From: aidotengineer

This article explores an open-source video editing agent designed to automate video production, addressing the limitations of traditional methods and leveraging AI for enhanced efficiency and flexibility [00:01:06]. The project emerged from a need for an automatic tool to edit videos for reskill, a platform focused on personalized learning [00:01:12].

Evolution of the Toolset

Initially, traditional tools like FFMpeg presented limitations, prompting a search for more intuitive and flexible alternatives [00:01:22]. Remotion was considered but exhibited unreliable server-side rendering [00:01:26]. The Core library proved more suitable due to its API not requiring a separate rendering backend [00:01:35]. This led to a collaboration with the Core library’s author to build the agent [00:01:40].

The Core library, developed by Diffusion Studio, enables complex compositions through a JavaScript/TypeScript-based programmatic interface [00:01:46]. This capability allows Large Language Models (LLMs) to generate code for running the video editing processes [00:01:54].

AI Integration and Code Generation

A core aspect of this agent is the use of LLMs to write their own actions in code [00:02:02]. Code is considered the optimal way to express actions performed by a computer [00:02:08]. Multiple research papers support the idea that LLM tool calling implemented in code is superior to JSON [00:02:13].

Current Architecture

The agent’s architecture involves several key components:

  • Browser Session: The agent initiates a browser session using Playwright [00:02:27].
  • Operator UI: It connects to an Operator UI, which is a web application specifically designed as a video editing interface for AI agents [00:02:32].
  • In-browser Rendering: Video is rendered directly in the browser using the WebCodecs API [00:02:42].
  • File Transfer: Helper functions facilitate file transfer between Python and the browser via the Chromium Dev tool protocol [00:02:46].

Agent Workflow

The typical flow of the agent involves three primary tools [00:03:00]:

  1. Video Editing Tool: This tool generates code based on user prompts and executes it in the browser [00:03:08].
  2. Doc Search Tool: If additional context is required, this tool uses RAG (Retrieval Augmented Generation) to retrieve relevant information [00:03:14].
  3. Visual Feedback Tool: After each execution step, compositions are sampled at one frame per second and fed to this tool [00:03:21]. It functions similarly to a generator and discriminator in a Generative Adversarial Network (GAN) architecture [00:03:33]. Once the visual feedback tool provides a “green light,” the agent proceeds to render the composition [00:03:42].

lm.txt and Flexibility

The system includes lm.txt, which serves a similar purpose to robots.txt but for agents [00:03:51]. When combined with specific template prompts, lm.txt can significantly aid the video editing process [00:04:00].
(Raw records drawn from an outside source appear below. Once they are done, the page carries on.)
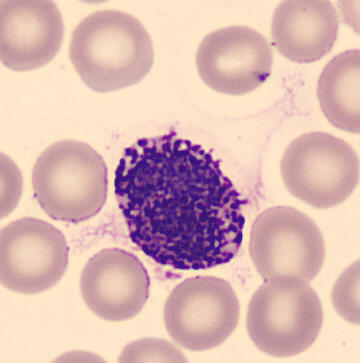Specimen: peripheral blood smear.
Cell type: basophilic granulocyte.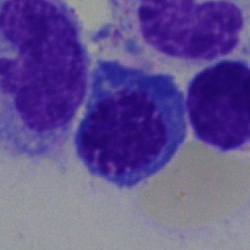 Single-cell crop from a bone marrow smear: nucleated red blood cell.
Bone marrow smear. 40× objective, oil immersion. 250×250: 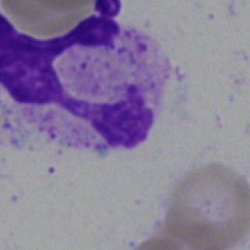Q: What is shown here?
A: Artifact.
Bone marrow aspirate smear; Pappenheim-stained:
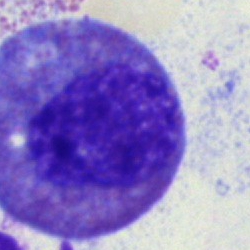

Eosinophil.
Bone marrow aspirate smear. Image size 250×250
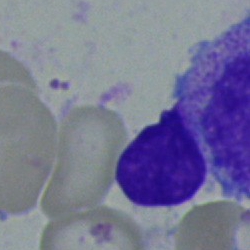Classification — lymphocyte.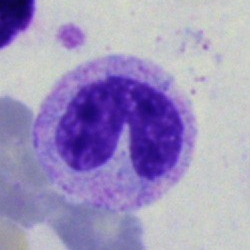

A stab cell on a bone marrow smear.
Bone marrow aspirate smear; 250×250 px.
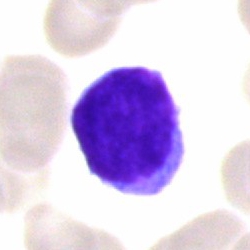
Showing a lymphocyte.

The setup offers flexibility, allowing users to bring their own browser or connect the agent to a remote browser session via WebSocket [00:04:11]. Each agent can obtain a separate, GPU-accelerated browser session, supported by a load balancer [00:04:25].

The initial version of the agent is implemented in Python, with a TypeScript implementation currently underway [00:04:37]. This project is a collaborative effort between Diffusion Studio and Rskill [00:04:53].